No hay nada más necio que discutir sobre algo que nadie ha dicho. No lo voy a hacer yo tampoco porque, a estas alturas, quien haya querido enterarse de la ganadería que defiende el ministro Garzón, ya lo sabe. Lo más llamativo de todo este asunto es que muchos de quienes le critican defienden lo mismo que él, empezando por las asociaciones de pequeños ganaderos. Lo que lleva el asunto al pantanoso territorio de las antipatías, personales o políticas. Donde, como muy bien saben quiénes abonan a diario esas tirrias, los argumentos se hunden por su propio peso. Si hay algo provechoso de este bulo es que ha vuelto a traer, a nuestro hipnotizado y olvidadizo mundo de consumidores, las imágenes (para quien quiera verlas, claro) del sufrimiento animal y de la mierda (literal) con la que las macrogranjas ensucian los campos y lo que comemos.
Conozco un caso particular, por amigos de la comarca de Tierra de Campos: se ha aprobado una macrogranja en Meneses de Campos (Palencia), de más de 3000 cerdos, que producirá más de 17000 m3 de residuos purines al año, en una finca a poco más de un kilómetro del Canal de Castilla, Bien de Interés Cultural y principal fuente de regadío y consumo de agua de la zona, y a menos de seis kilómetros de la Laguna de Boada, un observatorio de aves muy frecuentado, declarado Zona Protegida por la Unión Europea. No hace falta ser muy perspicaz para entender que nadie va a hacer turismo –ni ninguna otra actividad económica- en un lugar apestoso e insano. De modo que el balance de “los puestos de trabajo” a crear, ese último as que siempre sacan de la manga, no es tampoco rentable. Esta macrogranja de Meneses dicen que creará 15 empleos, aunque en otras de tamaño similar, completamente automatizadas, sólo trabaja una persona a tiempo parcial. En las más grandes, una persona por cada 5000 cerdos. Como referencia: una de las varias plataformas turísticas oferta, sólo en Tierra de Campos, 181 casas rurales. Este problema de contaminación del paisaje y de desvalorización del territorio también empezamos a padecerlo en la provincia de Cádiz, con la proyectada instalación de aerogeneradores en pagos históricos del Marco de Jerez, que claramente perjudicarían el enoturismo.
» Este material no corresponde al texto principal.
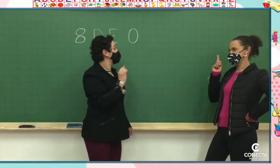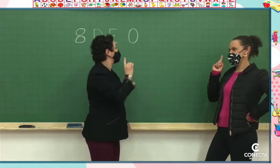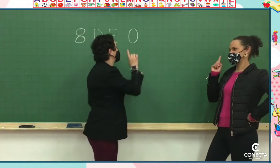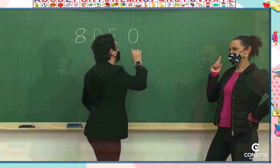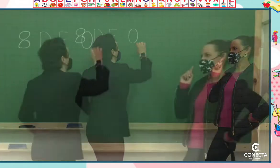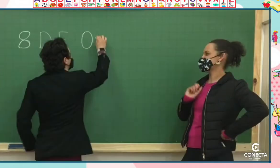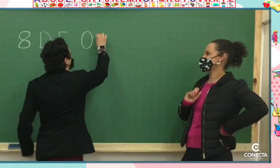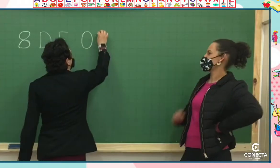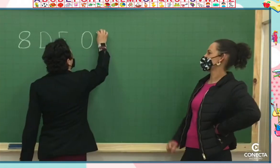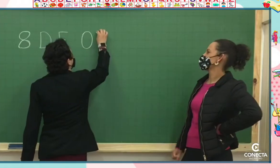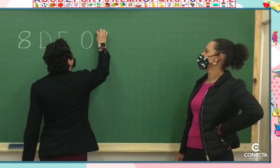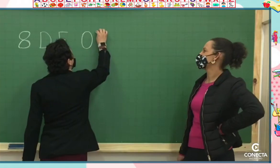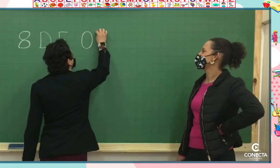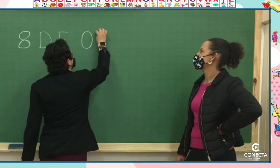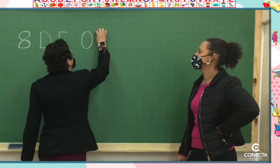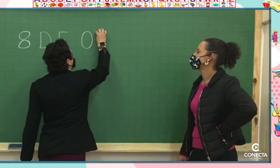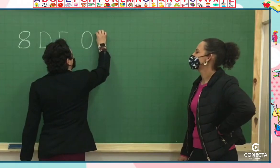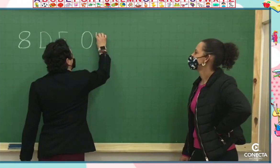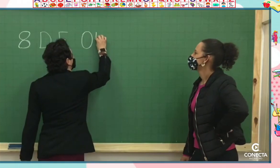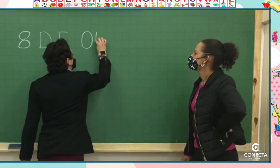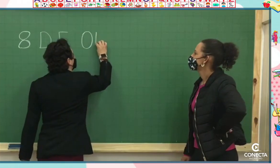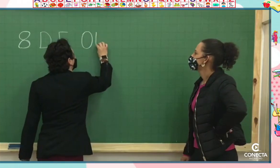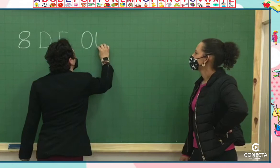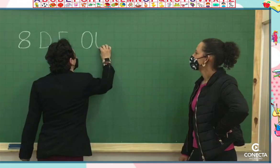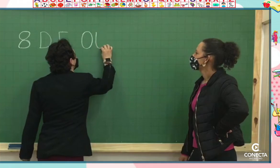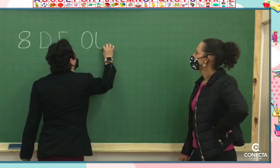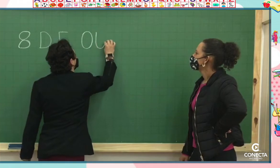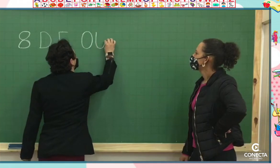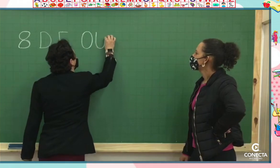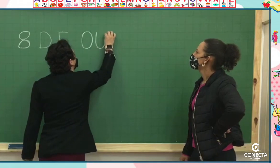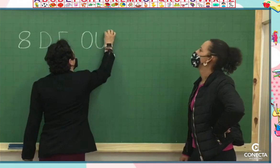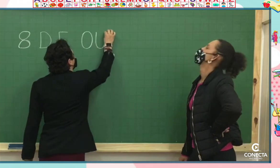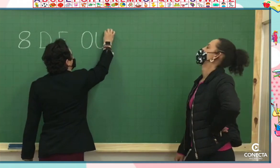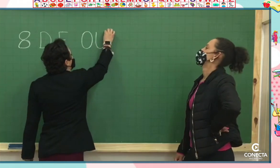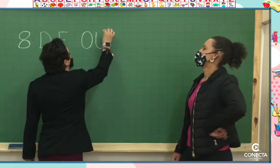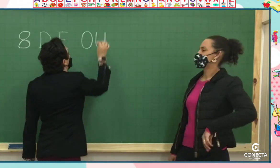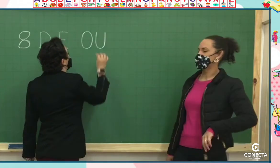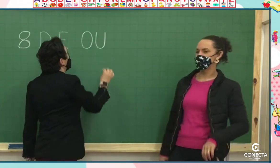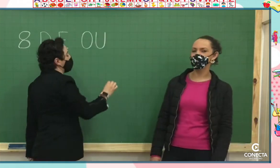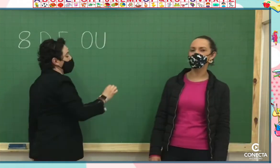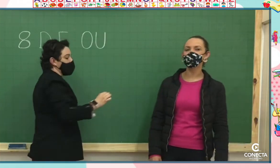Eu já sei, professora Lílian. Eu também já sei, olha só.

Se conoce, con datos, cómo agrava la despoblación estos complejos industriales de seres vivos: en Balsa de Ves (Albacete) se ha pasado de 222 habitantes, antes de abrir la macrogranja, a 131 (41 % menos); en Garaballa (Cuenca), de 150 a 72 (el 52 %); de Castilléjar (Granada), donde el Grupo Fuertes, matriz de El Pozo, mantiene una macrogranja tristemente célebre por sus denunciadas condiciones de higiene y maltrato animal, y donde se producen 651000 lechones al año (la cifra no es un error), se ha ido uno de cada cinco habitantes; en Cancarix (Albacete), uno de cada cuatro.
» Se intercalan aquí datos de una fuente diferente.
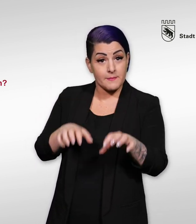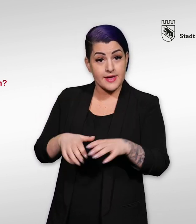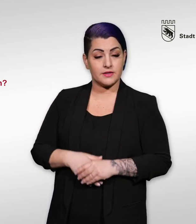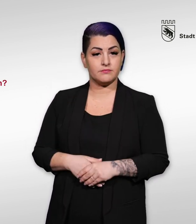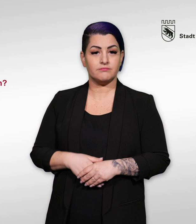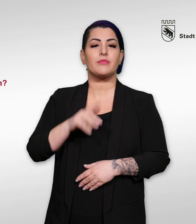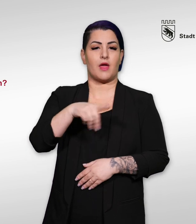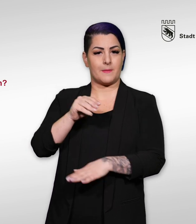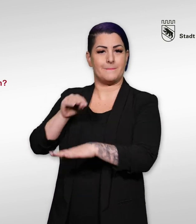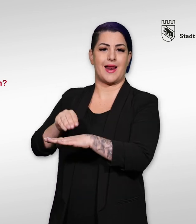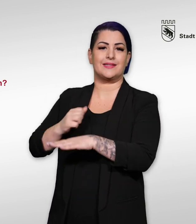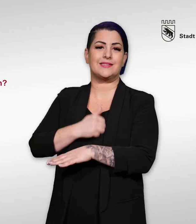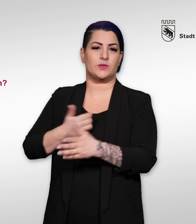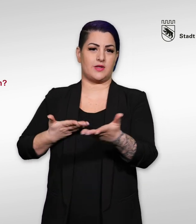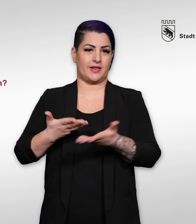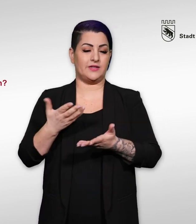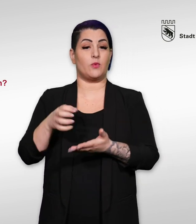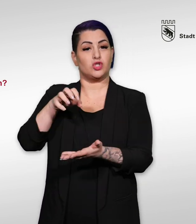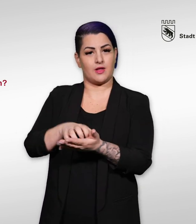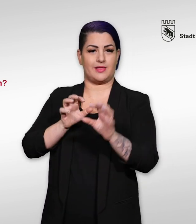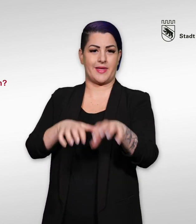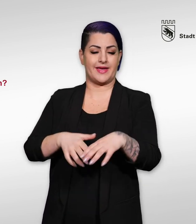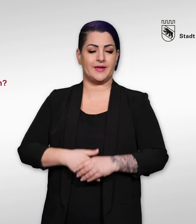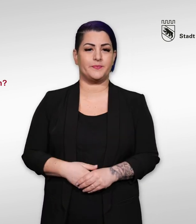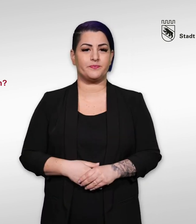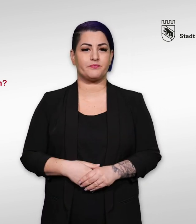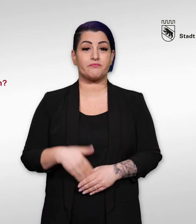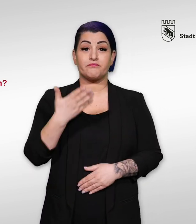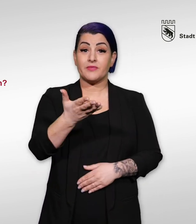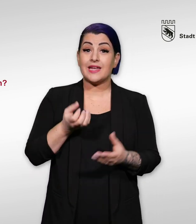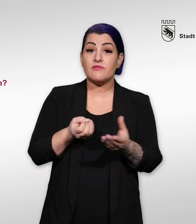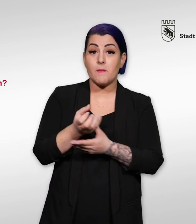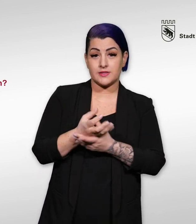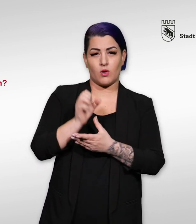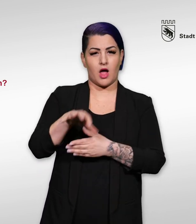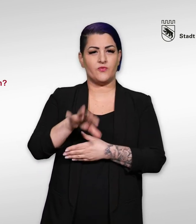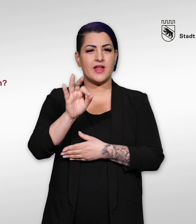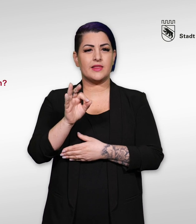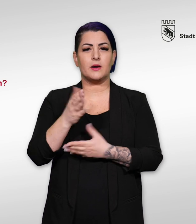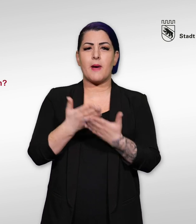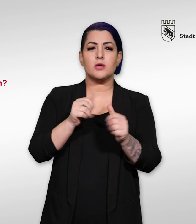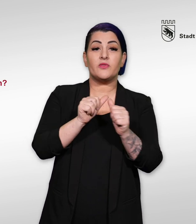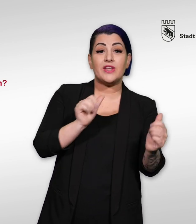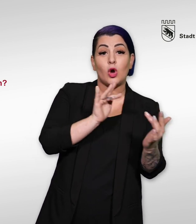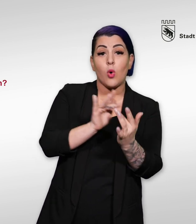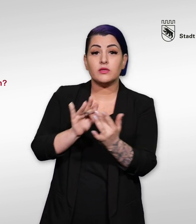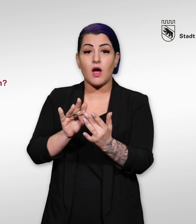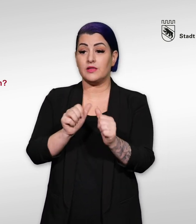Stadt Bern? Dann melden Sie sich beim Sozialdienst der Stadt Bern. Sie finden Informationen zu Kontaktmöglichkeiten, Adresse und

No caeré en la denuncia fácil de señalar los vínculos familiares de políticos de Meneses de Campos con un dirigente nacional que apoya estas explotaciones, porque me parece mucho más importante apuntar lo que éstas destruyen de salud humana y bienestar animal y medioambiental, siguiendo un patrón más o menos repetido en otras macrogranjas. Este proyecto ha tenido tanta contestación en el pueblo y en la comarca, que el Ayuntamiento que lo impulsó ya ha dejado de apoyarlo, aunque va a construirse igualmente. Y aquí es donde se desnudan los dobles discursos, que no contradicciones. Porque lo que se busca, intencionadamente, es quedar bien siempre, diciendo en cada momento lo que quiere oír quien te escucha.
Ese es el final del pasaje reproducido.